Hamburg was here last month and had met Sharma.
US is one of the largest importers of Indian generic medicines.
The US Food and Drug Administration has recently banned import of drugs from Sun Pharma's Karkhadi facility in Gujarat for violation of manufacturing norms.
The US had also raised concerns over issuance of a compulsory license (CL) by India to Hyderabad-based Natco Pharma to manufacture and sell cancer-treatment drug Nexavar.
Indian authorities have expressed their concern over the USFDAs audit inspections of Indian pharmaceutical companies and the disproportionate penalties imposed in some instances.
The USFDA has taken a series of actions against Indian pharmaceutical firms, restricting their shipments to the US, their largest export market.
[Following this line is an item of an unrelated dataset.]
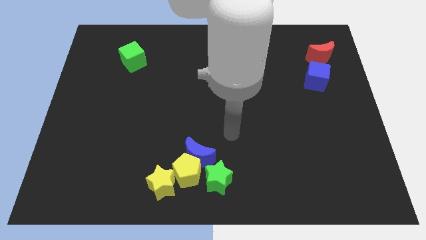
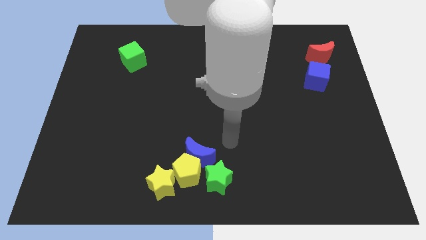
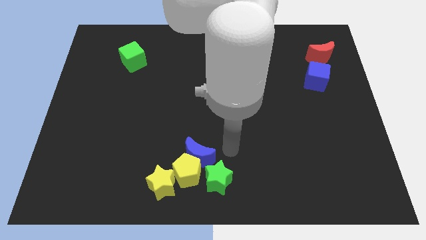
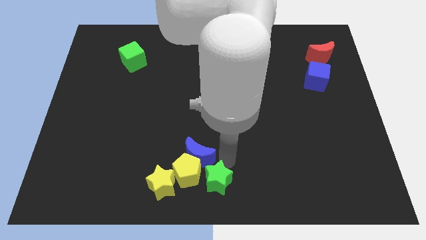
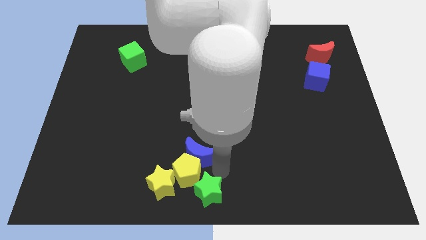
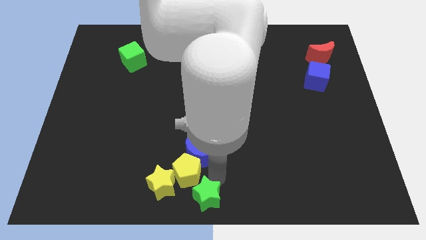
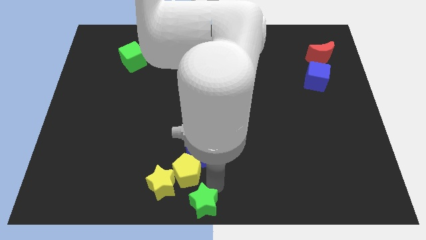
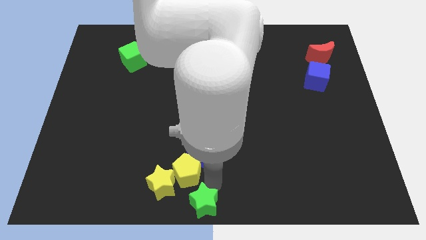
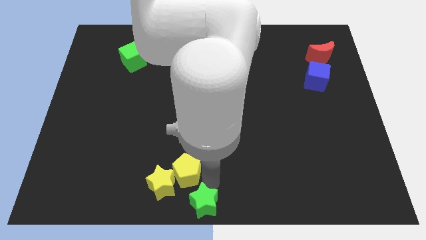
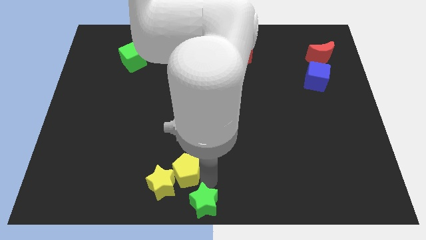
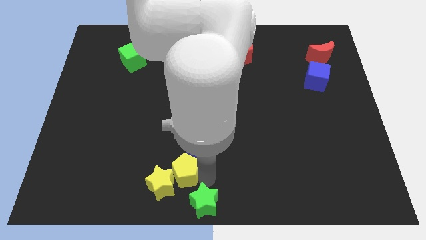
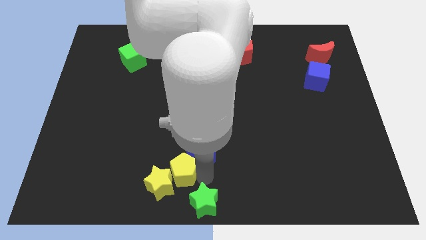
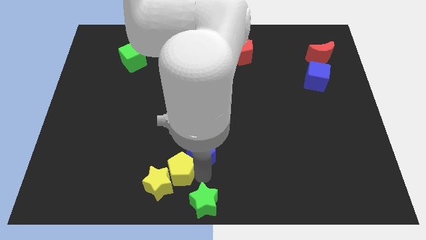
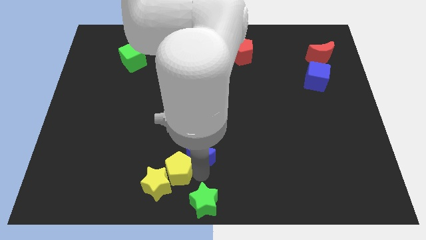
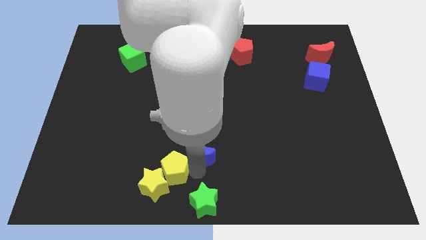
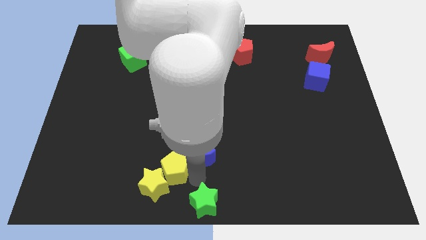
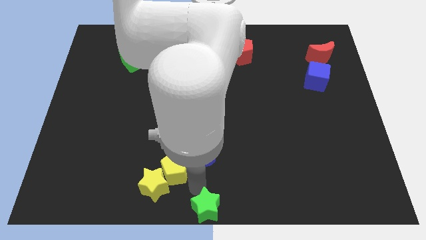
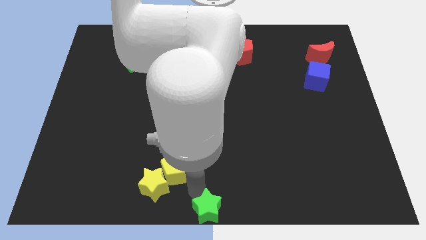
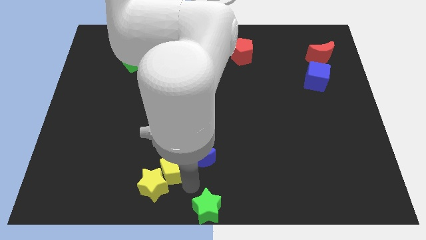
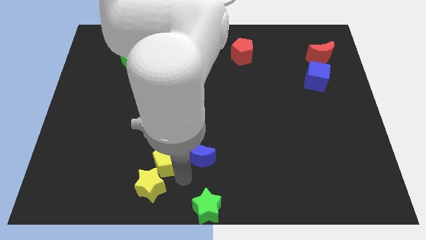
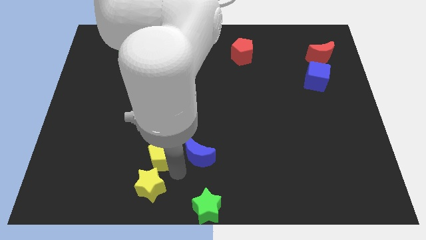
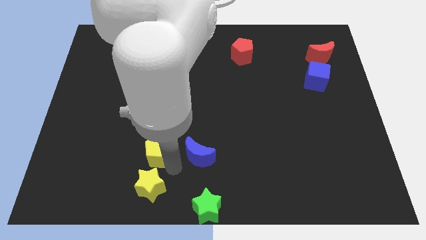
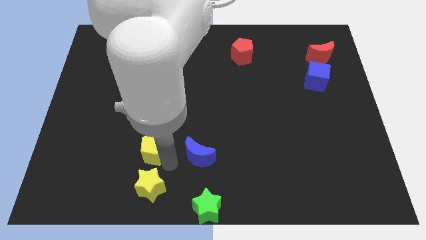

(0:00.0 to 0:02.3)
separate the yellow pentagon from the group

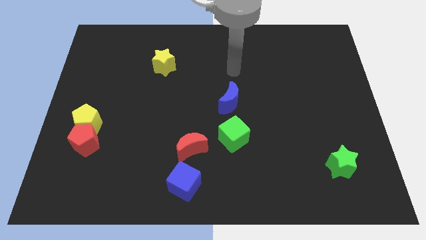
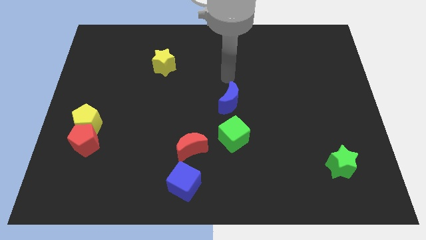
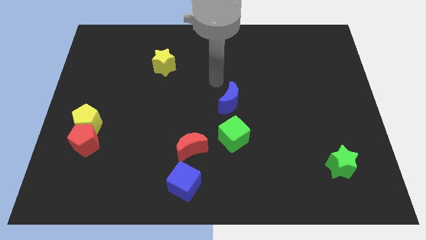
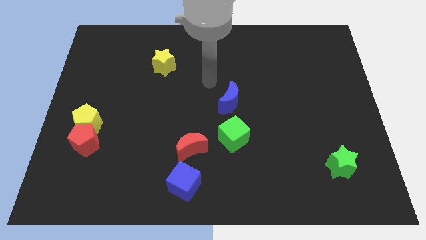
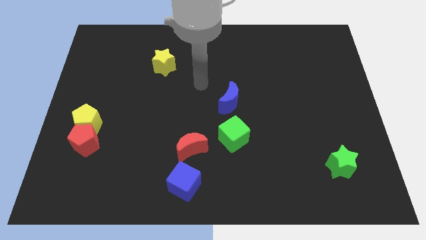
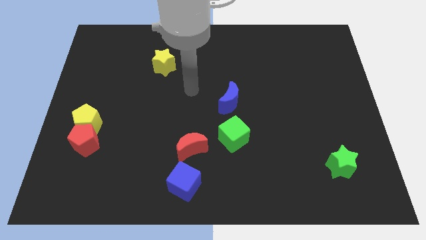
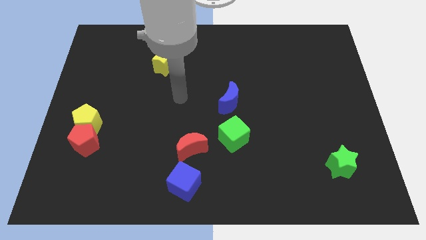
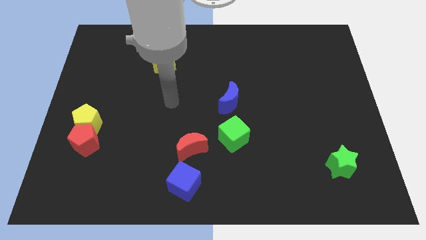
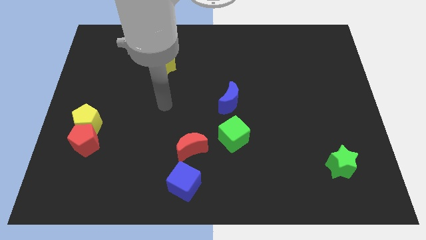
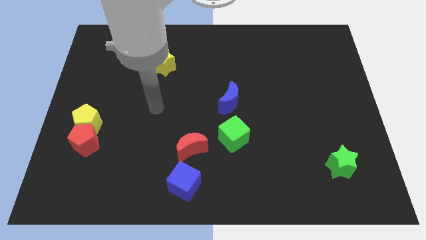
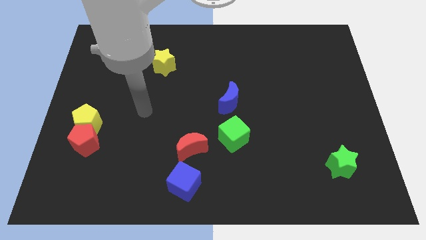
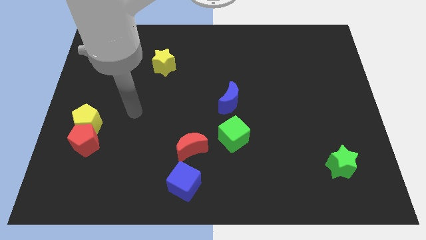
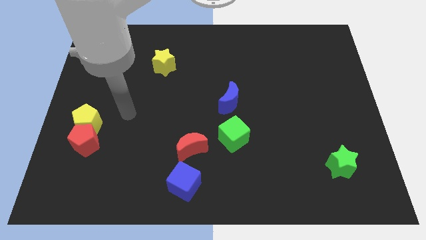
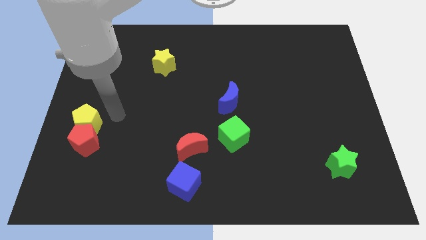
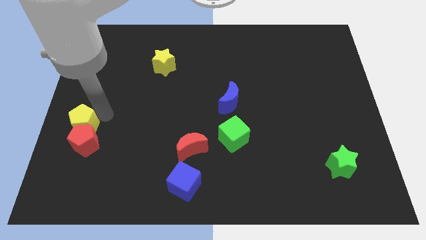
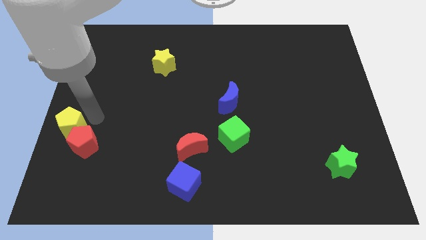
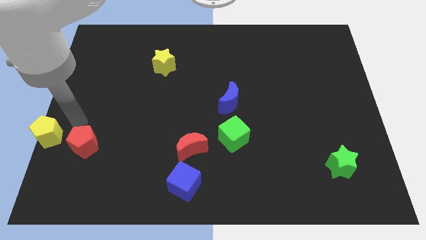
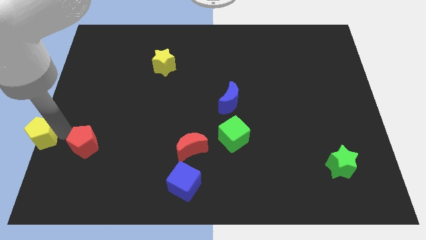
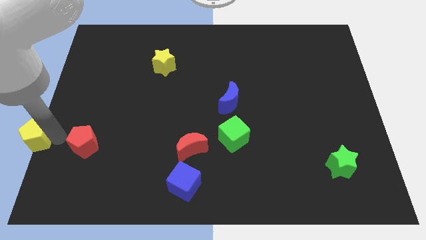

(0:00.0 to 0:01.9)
separate the red pentagon from the yellow pentagon

The US health regulator on January 23 banned the import of products manufactured by Ranbaxy Laboratories at its plant at Toansa. This was the company's fourth plant to face regulatory action from the USFDA, after Mohali, Paonta Sahib and Dewas plants.
Another Indian firm, Wockhardt, had its two plants put under import alert by the USFDA.
According to sources, such steps by the USFDA would affect India's pharma exports to the US.
India's pharma exports increased 10 per cent to USD 14.6 billion during 2012-13, with shipments to the US accounting for about 26 per cent of the total.
India is the largest exporter of generics to the US by volume, with supplies from 35 companies in the country. The nation has around 320 USFDA-approved pharma facilities, the largest number outside the US.